--- The records ---

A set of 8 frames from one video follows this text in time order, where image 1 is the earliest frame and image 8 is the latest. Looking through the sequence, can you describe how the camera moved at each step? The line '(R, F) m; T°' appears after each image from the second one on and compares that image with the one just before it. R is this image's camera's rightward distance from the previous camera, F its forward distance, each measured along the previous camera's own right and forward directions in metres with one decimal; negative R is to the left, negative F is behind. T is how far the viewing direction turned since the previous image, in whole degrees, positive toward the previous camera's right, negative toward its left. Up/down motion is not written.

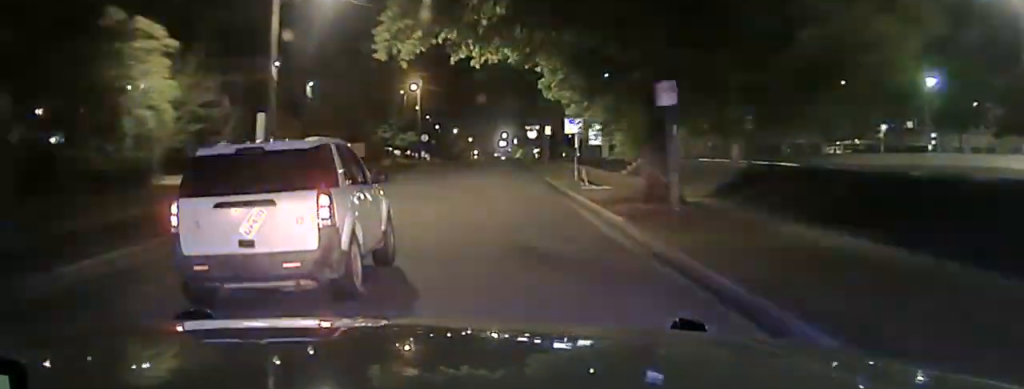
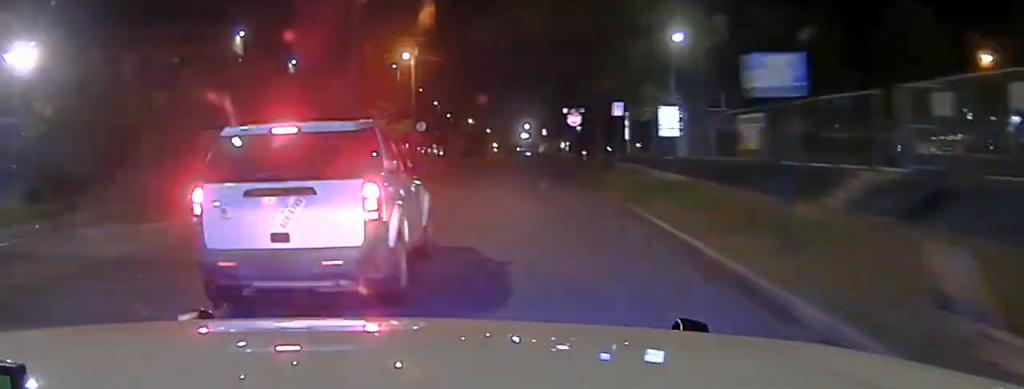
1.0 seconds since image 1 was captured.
(-0.2, +24.4) m; 0°
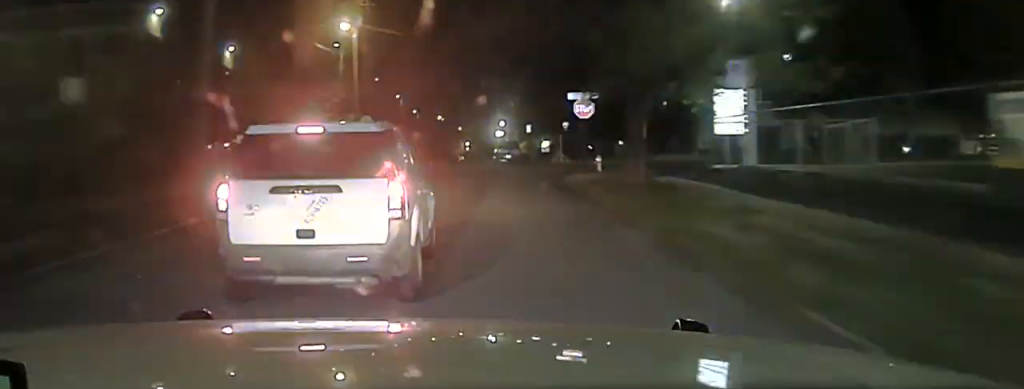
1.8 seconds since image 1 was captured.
(+0.1, +16.2) m; +1°
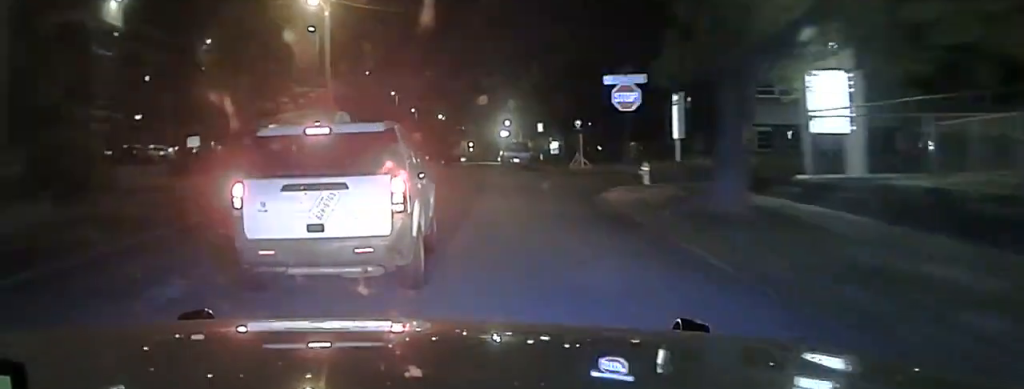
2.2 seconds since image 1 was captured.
(0.0, +9.3) m; 0°
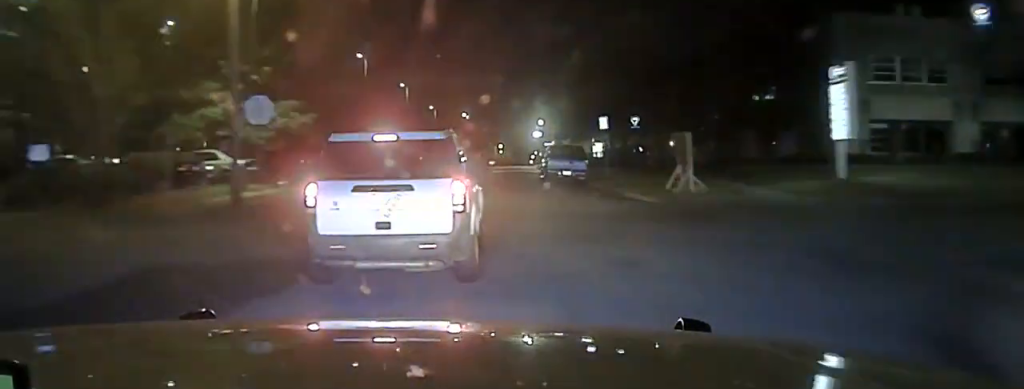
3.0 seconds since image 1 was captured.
(+0.1, +17.0) m; -1°
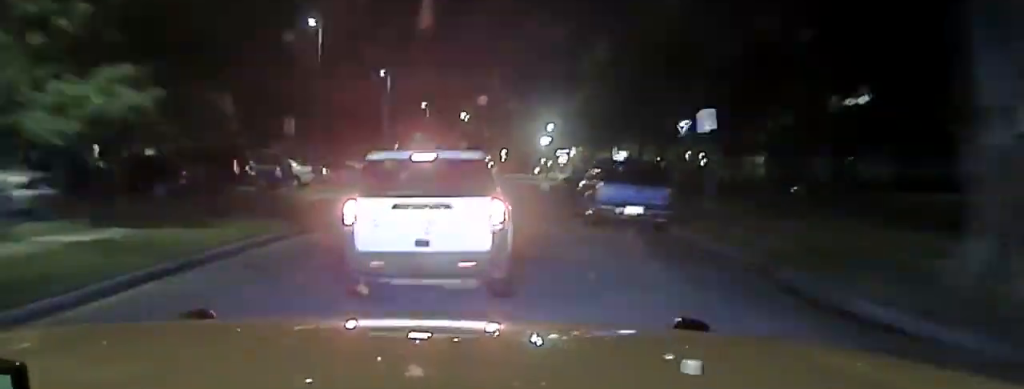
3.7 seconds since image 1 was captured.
(-0.3, +16.8) m; -1°
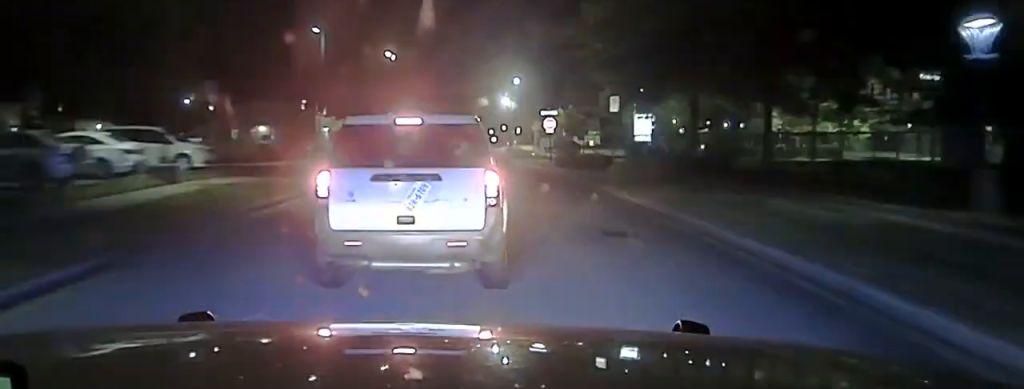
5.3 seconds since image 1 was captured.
(-0.5, +38.0) m; 0°
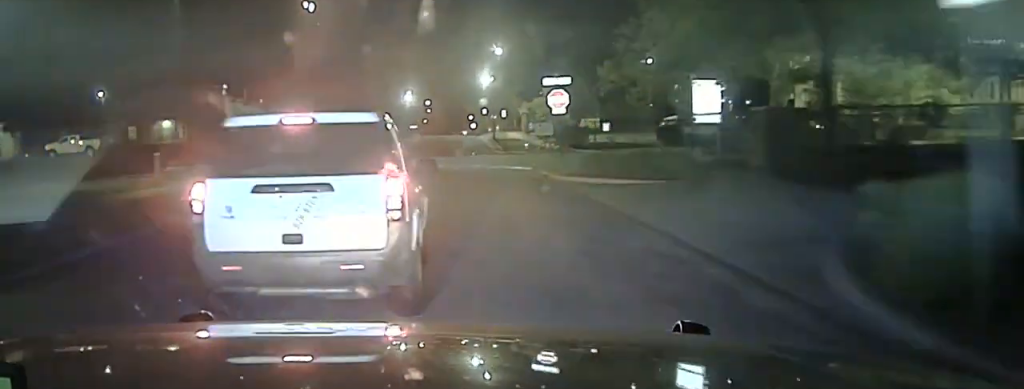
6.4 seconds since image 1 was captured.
(+0.4, +25.4) m; 0°

--- Assignment ---
Drop every image, please, and write out the data above exactly as shown.

--- Your solution ---
A set of 8 frames from one video follows this text in time order, where image 1 is the earliest frame and image 8 is the latest. Looking through the sequence, can you describe how the camera moved at each step? The line '(R, F) m; T°' appears after each image from the second one on and compares that image with the one just before it. R is this image's camera's rightward distance from the previous camera, F its forward distance, each measured along the previous camera's own right and forward directions in metres with one decimal; negative R is to the left, negative F is behind. T is how far the viewing direction turned since the previous image, in whole degrees, positive toward the previous camera's right, negative toward its left. Up/down motion is not written.

1.0 seconds since image 1 was captured.
(-0.2, +24.4) m; 0°
1.8 seconds since image 1 was captured.
(+0.1, +16.2) m; +1°
2.2 seconds since image 1 was captured.
(0.0, +9.3) m; 0°
3.0 seconds since image 1 was captured.
(+0.1, +17.0) m; -1°
3.7 seconds since image 1 was captured.
(-0.3, +16.8) m; -1°
5.3 seconds since image 1 was captured.
(-0.5, +38.0) m; 0°
6.4 seconds since image 1 was captured.
(+0.4, +25.4) m; 0°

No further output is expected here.